Problem description: Your task is to write out the entire listing exactly, omitting its pictures.
+ + + +
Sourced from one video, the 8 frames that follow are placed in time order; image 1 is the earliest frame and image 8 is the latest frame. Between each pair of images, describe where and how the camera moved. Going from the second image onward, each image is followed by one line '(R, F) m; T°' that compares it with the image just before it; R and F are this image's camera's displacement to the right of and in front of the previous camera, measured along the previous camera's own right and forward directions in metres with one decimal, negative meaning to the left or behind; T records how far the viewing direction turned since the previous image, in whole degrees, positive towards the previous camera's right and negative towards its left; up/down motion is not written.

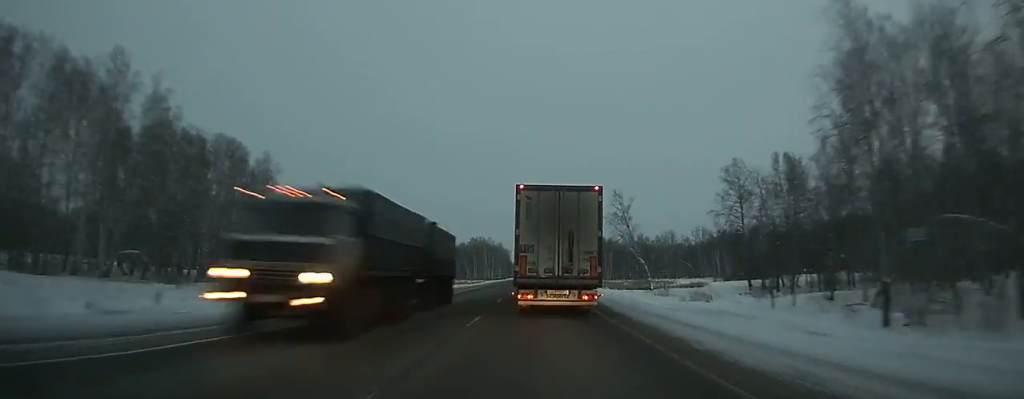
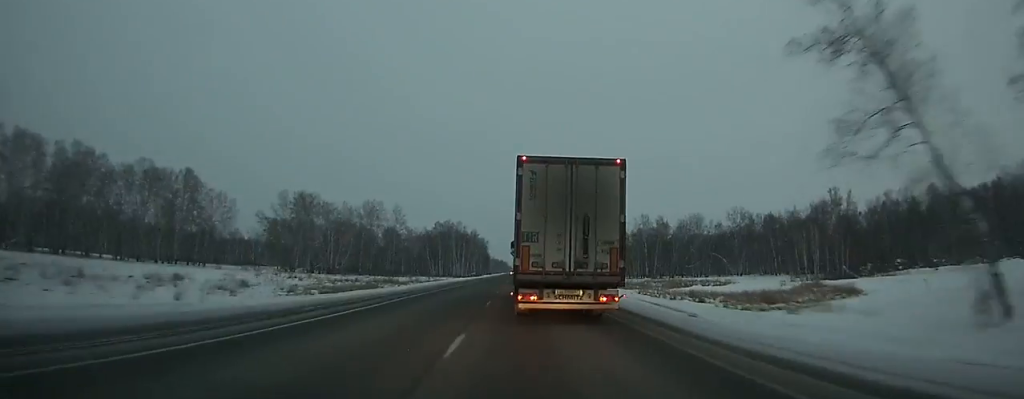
(+0.3, +74.9) m; 0°
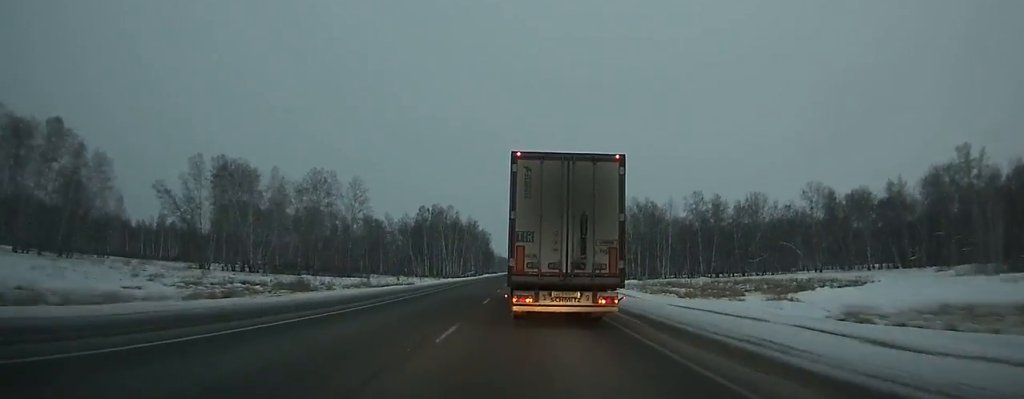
(+0.1, +57.5) m; 0°
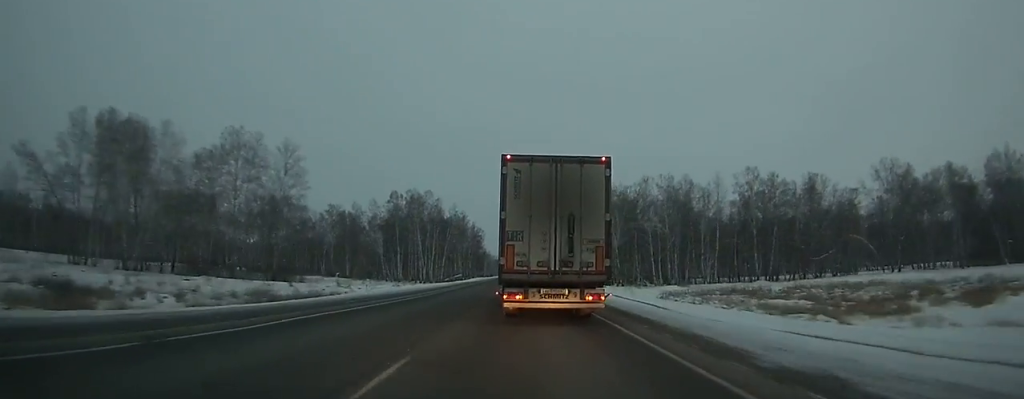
(-0.1, +41.1) m; 0°
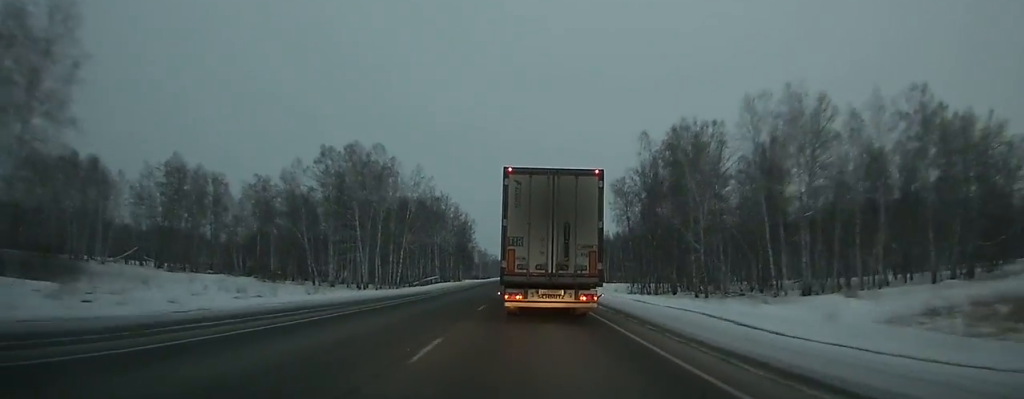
(0.0, +56.5) m; 0°
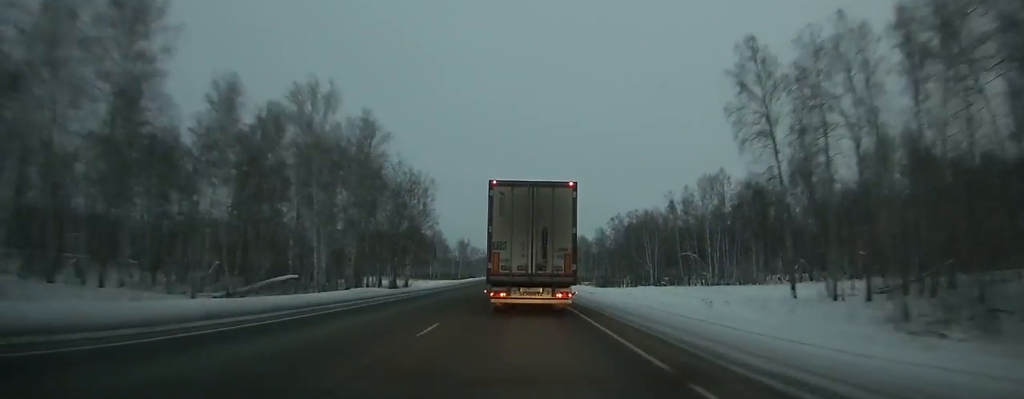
(0.0, +81.1) m; 0°
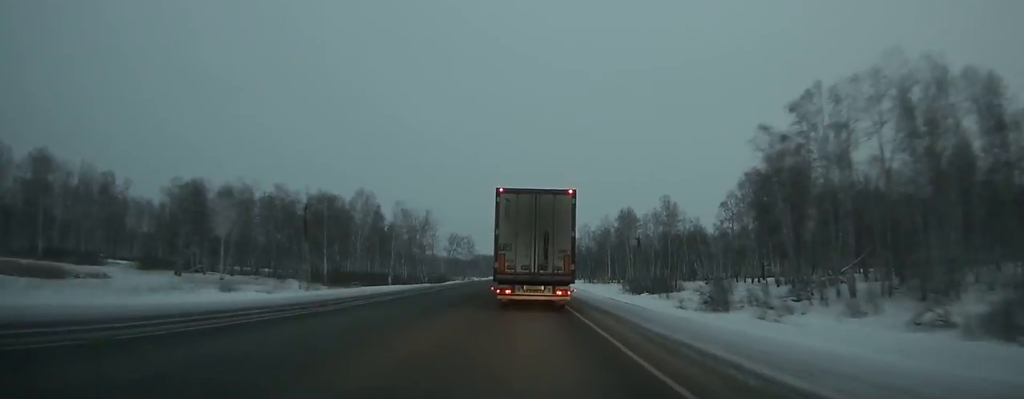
(-0.3, +132.2) m; 0°
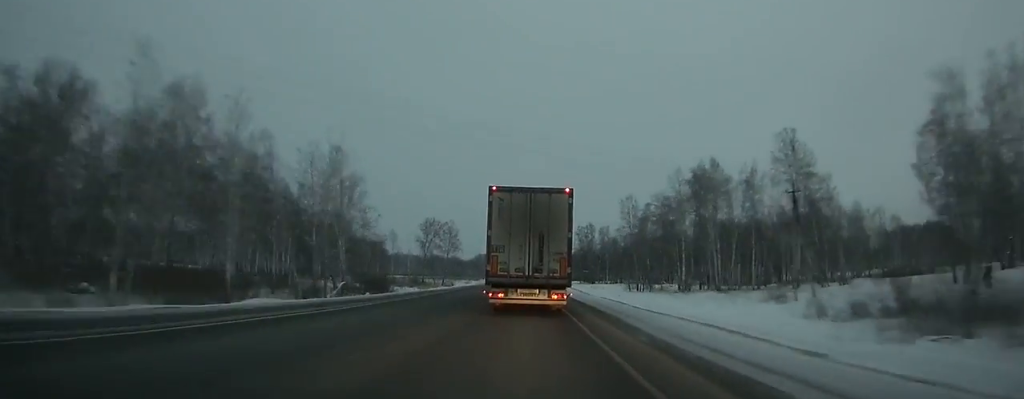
(-0.2, +79.7) m; 0°
+ + + +
Your response:
Sourced from one video, the 8 frames that follow are placed in time order; image 1 is the earliest frame and image 8 is the latest frame. Between each pair of images, describe where and how the camera moved. Going from the second image onward, each image is followed by one line '(R, F) m; T°' that compares it with the image just before it; R and F are this image's camera's displacement to the right of and in front of the previous camera, measured along the previous camera's own right and forward directions in metres with one decimal, negative meaning to the left or behind; T records how far the viewing direction turned since the previous image, in whole degrees, positive towards the previous camera's right and negative towards its left; up/down motion is not written.

(+0.3, +74.9) m; 0°
(+0.1, +57.5) m; 0°
(-0.1, +41.1) m; 0°
(0.0, +56.5) m; 0°
(0.0, +81.1) m; 0°
(-0.3, +132.2) m; 0°
(-0.2, +79.7) m; 0°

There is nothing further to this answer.